Your goal:
For each record below, set it down exactly but leave out any picture.

Records:
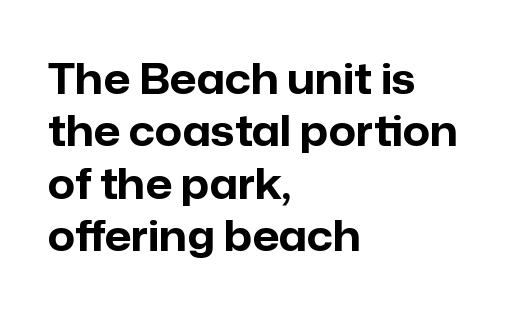
The passage shown has conventional tracking throughout. Posture: upright roman. In terms of letterform style, serifs are entirely absent. Notice how thick the strokes are: this is what a full bold looks like. Decoration check: the copy has no underline.
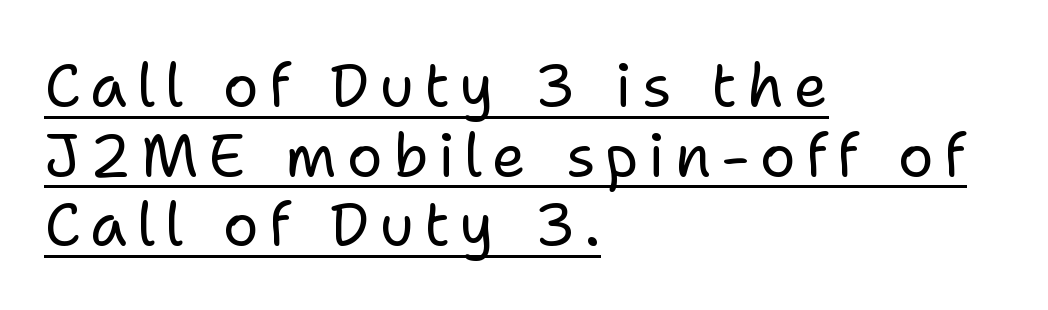
{"serif": "no", "italic": "no", "bold": "no", "weight": "regular", "width": "normal", "stroke_contrast": "low", "x_height": "medium", "monospaced": "no", "underline": "yes", "align": "left", "line_spacing_ratio": 1.16, "glyph_px": 60}
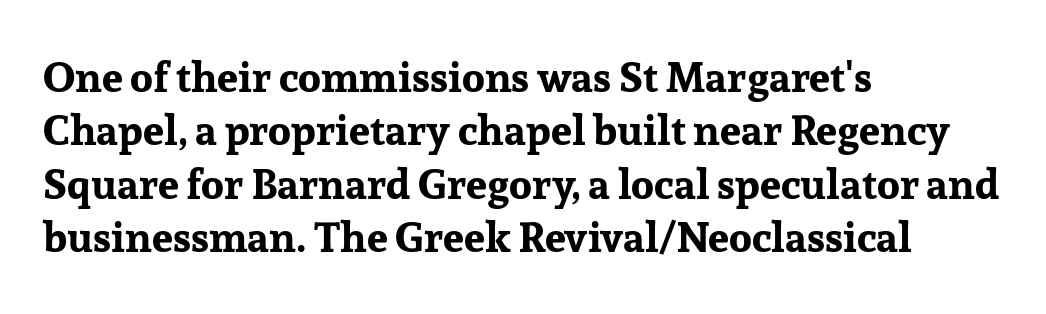
Q: Is the text bold? A: Yes.
Q: Is the text italic (slanted)? A: No, it is upright.
Q: Is the typeface a serif or a sans-serif typeface? A: Serif.
Q: Is the text underlined? A: No.
Q: How is the paragraph aligned? A: Left-aligned.
Q: Is the spacing between letters normal or unusually wide? A: Normal.
Q: Is the spacing between lines tight, normal or loose? A: Normal.
Q: Width (condensed, normal, or wide)? A: Normal.
Q: Stroke contrast? A: Low.
Q: x-height? A: Medium.
Q: Monospaced? A: No.
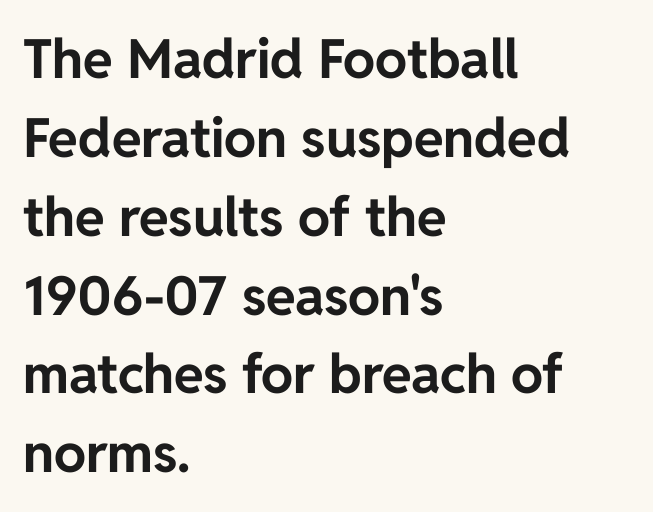
{"serif": "no", "italic": "no", "bold": "yes", "weight": "bold", "width": "normal", "stroke_contrast": "low", "x_height": "medium", "monospaced": "no", "underline": "no", "align": "left", "line_spacing": "normal", "line_spacing_ratio": 1.46, "letter_spacing": "normal", "letter_spacing_em": 0.0, "glyph_px": 54}
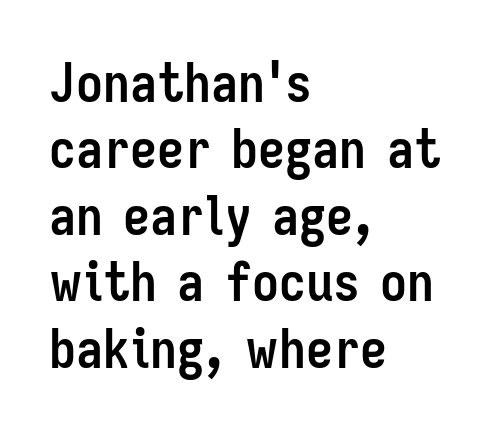
Q: Is the text bold? A: Yes.
Q: Is the text italic (slanted)? A: No, it is upright.
Q: Is the typeface a serif or a sans-serif typeface? A: Sans-serif.
Q: Is the text underlined? A: No.
Q: How is the paragraph aligned? A: Left-aligned.
Q: Is the spacing between letters normal or unusually wide? A: Normal.
Q: Width (condensed, normal, or wide)? A: Condensed.
Q: Stroke contrast? A: Low.
Q: x-height? A: Medium.
Q: Monospaced? A: No.
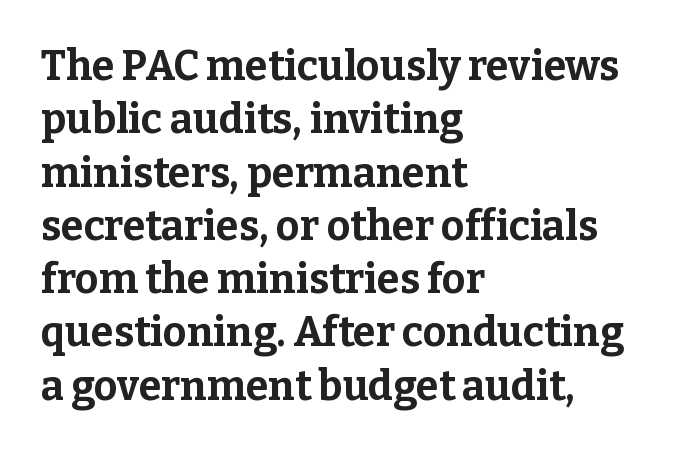
Q: Is the text bold? A: Yes.
Q: Is the text italic (slanted)? A: No, it is upright.
Q: Is the typeface a serif or a sans-serif typeface? A: Serif.
Q: Is the text underlined? A: No.
Q: How is the paragraph aligned? A: Left-aligned.
Q: Is the spacing between letters normal or unusually wide? A: Normal.
Q: Is the spacing between lines tight, normal or loose? A: Normal.
Q: Width (condensed, normal, or wide)? A: Normal.
Q: Stroke contrast? A: Low.
Q: x-height? A: Medium.
Q: Monospaced? A: No.
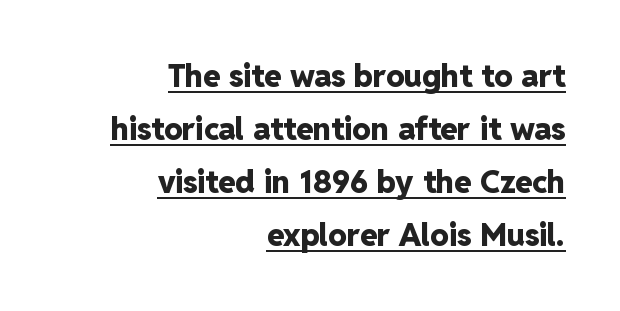
The image shows 31 px heavy sans-serif type, upright; set right-aligned, line spacing 1.71x, normal letter spacing, underlined; low stroke contrast and a medium x-height.
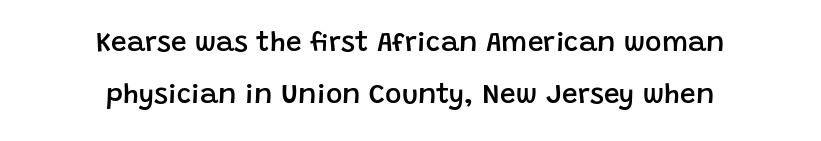
{"serif": "no", "italic": "no", "bold": "semi", "weight": "semibold", "width": "normal", "stroke_contrast": "low", "x_height": "large", "monospaced": "no", "underline": "no", "align": "center", "line_spacing_ratio": 1.85, "letter_spacing": "normal", "letter_spacing_em": 0.0, "glyph_px": 28}
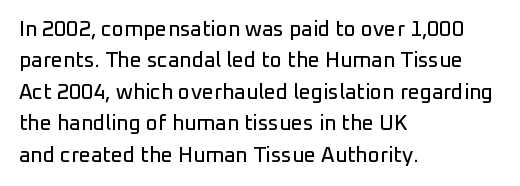
The image shows 21 px text type, upright; set left-aligned, normal line spacing (1.5x), normal letter spacing, not underlined.
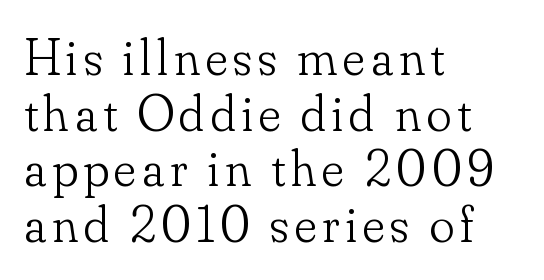
Q: Is the text bold? A: No.
Q: Is the text italic (slanted)? A: No, it is upright.
Q: Is the typeface a serif or a sans-serif typeface? A: Serif.
Q: Is the text underlined? A: No.
Q: How is the paragraph aligned? A: Left-aligned.
Q: Is the spacing between lines tight, normal or loose? A: Tight.
Q: Width (condensed, normal, or wide)? A: Normal.
Q: Stroke contrast? A: Low.
Q: x-height? A: Small.
Q: Monospaced? A: No.
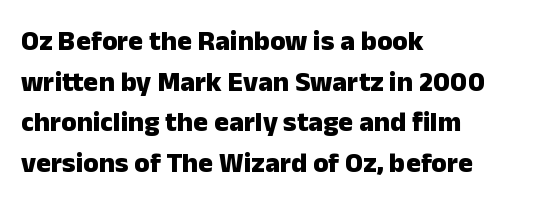
You can tell it's not italic because the verticals are truly vertical. The string is rendered with underlining switched off. This rendering uses left alignment, leaving the right contour irregular. Stroke thickness is high; the sample reads as a true bold. Students, note that the glyphs here touch the page at normal intervals.
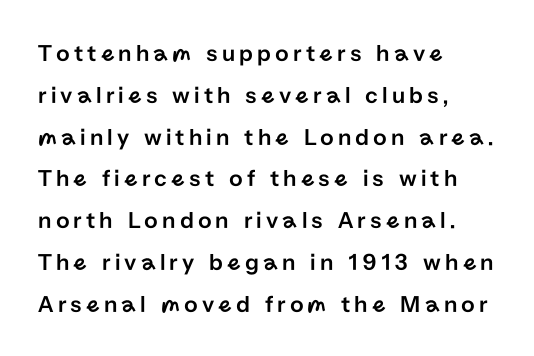
The lines in this sample share a left origin and differ only in where they stop. Unmarked baselines from the first word to the last. Characters remain perfectly vertical along every line.
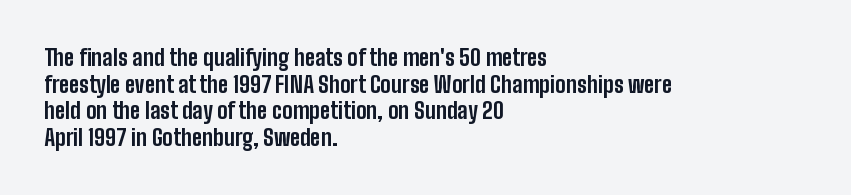
The image shows 22 px bold type, upright; set left-aligned, line spacing 1.21x, normal letter spacing, not underlined.
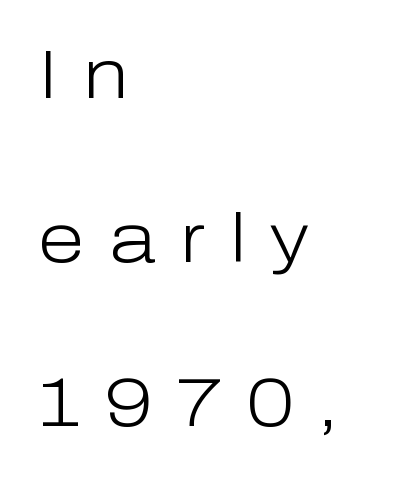
Q: Is the text bold? A: No.
Q: Is the text italic (slanted)? A: No, it is upright.
Q: Is the typeface a serif or a sans-serif typeface? A: Sans-serif.
Q: Is the text underlined? A: No.
Q: How is the paragraph aligned? A: Left-aligned.
Q: Is the spacing between letters normal or unusually wide? A: Unusually wide.
Q: Is the spacing between lines tight, normal or loose? A: Loose.
Q: Width (condensed, normal, or wide)? A: Normal.
Q: Stroke contrast? A: Low.
Q: x-height? A: Medium.
Q: Monospaced? A: No.
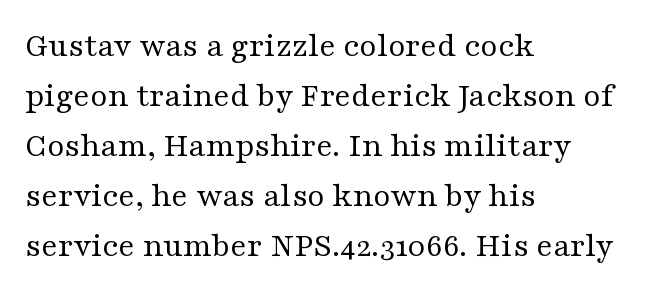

Final answer:
The passage shown has conventional tracking throughout. Posture: upright roman. In terms of letterform style, serifs are entirely absent. Notice how thick the strokes are: this is what a full bold looks like. Decoration check: the copy has no underline.
{"serif": "no", "italic": "no", "bold": "no", "weight": "regular", "width": "normal", "stroke_contrast": "low", "x_height": "medium", "monospaced": "no", "underline": "yes", "align": "left", "line_spacing_ratio": 1.16, "glyph_px": 60}
Q: Is the text bold? A: Yes.
Q: Is the text italic (slanted)? A: No, it is upright.
Q: Is the typeface a serif or a sans-serif typeface? A: Serif.
Q: Is the text underlined? A: No.
Q: How is the paragraph aligned? A: Left-aligned.
Q: Is the spacing between letters normal or unusually wide? A: Normal.
Q: Is the spacing between lines tight, normal or loose? A: Normal.
Q: Width (condensed, normal, or wide)? A: Normal.
Q: Stroke contrast? A: Low.
Q: x-height? A: Medium.
Q: Monospaced? A: No.
{"serif": "no", "italic": "no", "bold": "yes", "weight": "bold", "width": "normal", "stroke_contrast": "low", "x_height": "medium", "monospaced": "no", "underline": "no", "align": "left", "line_spacing": "normal", "line_spacing_ratio": 1.46, "letter_spacing": "normal", "letter_spacing_em": 0.0, "glyph_px": 54}
Q: Is the text bold? A: Yes.
Q: Is the text italic (slanted)? A: No, it is upright.
Q: Is the typeface a serif or a sans-serif typeface? A: Sans-serif.
Q: Is the text underlined? A: No.
Q: How is the paragraph aligned? A: Left-aligned.
Q: Is the spacing between letters normal or unusually wide? A: Normal.
Q: Width (condensed, normal, or wide)? A: Condensed.
Q: Stroke contrast? A: Low.
Q: x-height? A: Medium.
Q: Monospaced? A: No.
Q: Is the text bold? A: Yes.
Q: Is the text italic (slanted)? A: No, it is upright.
Q: Is the typeface a serif or a sans-serif typeface? A: Serif.
Q: Is the text underlined? A: No.
Q: How is the paragraph aligned? A: Left-aligned.
Q: Is the spacing between letters normal or unusually wide? A: Normal.
Q: Is the spacing between lines tight, normal or loose? A: Normal.
Q: Width (condensed, normal, or wide)? A: Normal.
Q: Stroke contrast? A: Low.
Q: x-height? A: Medium.
Q: Monospaced? A: No.
The image shows 31 px heavy sans-serif type, upright; set right-aligned, line spacing 1.71x, normal letter spacing, underlined; low stroke contrast and a medium x-height.
{"serif": "no", "italic": "no", "bold": "semi", "weight": "semibold", "width": "normal", "stroke_contrast": "low", "x_height": "large", "monospaced": "no", "underline": "no", "align": "center", "line_spacing_ratio": 1.85, "letter_spacing": "normal", "letter_spacing_em": 0.0, "glyph_px": 28}
The image shows 21 px text type, upright; set left-aligned, normal line spacing (1.5x), normal letter spacing, not underlined.
Q: Is the text bold? A: No.
Q: Is the text italic (slanted)? A: No, it is upright.
Q: Is the typeface a serif or a sans-serif typeface? A: Serif.
Q: Is the text underlined? A: No.
Q: How is the paragraph aligned? A: Left-aligned.
Q: Is the spacing between lines tight, normal or loose? A: Tight.
Q: Width (condensed, normal, or wide)? A: Normal.
Q: Stroke contrast? A: Low.
Q: x-height? A: Small.
Q: Monospaced? A: No.
You can tell it's not italic because the verticals are truly vertical. The string is rendered with underlining switched off. This rendering uses left alignment, leaving the right contour irregular. Stroke thickness is high; the sample reads as a true bold. Students, note that the glyphs here touch the page at normal intervals.
The lines in this sample share a left origin and differ only in where they stop. Unmarked baselines from the first word to the last. Characters remain perfectly vertical along every line.
The image shows 22 px bold type, upright; set left-aligned, line spacing 1.21x, normal letter spacing, not underlined.
Q: Is the text bold? A: No.
Q: Is the text italic (slanted)? A: No, it is upright.
Q: Is the typeface a serif or a sans-serif typeface? A: Sans-serif.
Q: Is the text underlined? A: No.
Q: How is the paragraph aligned? A: Left-aligned.
Q: Is the spacing between letters normal or unusually wide? A: Unusually wide.
Q: Is the spacing between lines tight, normal or loose? A: Loose.
Q: Width (condensed, normal, or wide)? A: Normal.
Q: Stroke contrast? A: Low.
Q: x-height? A: Medium.
Q: Monospaced? A: No.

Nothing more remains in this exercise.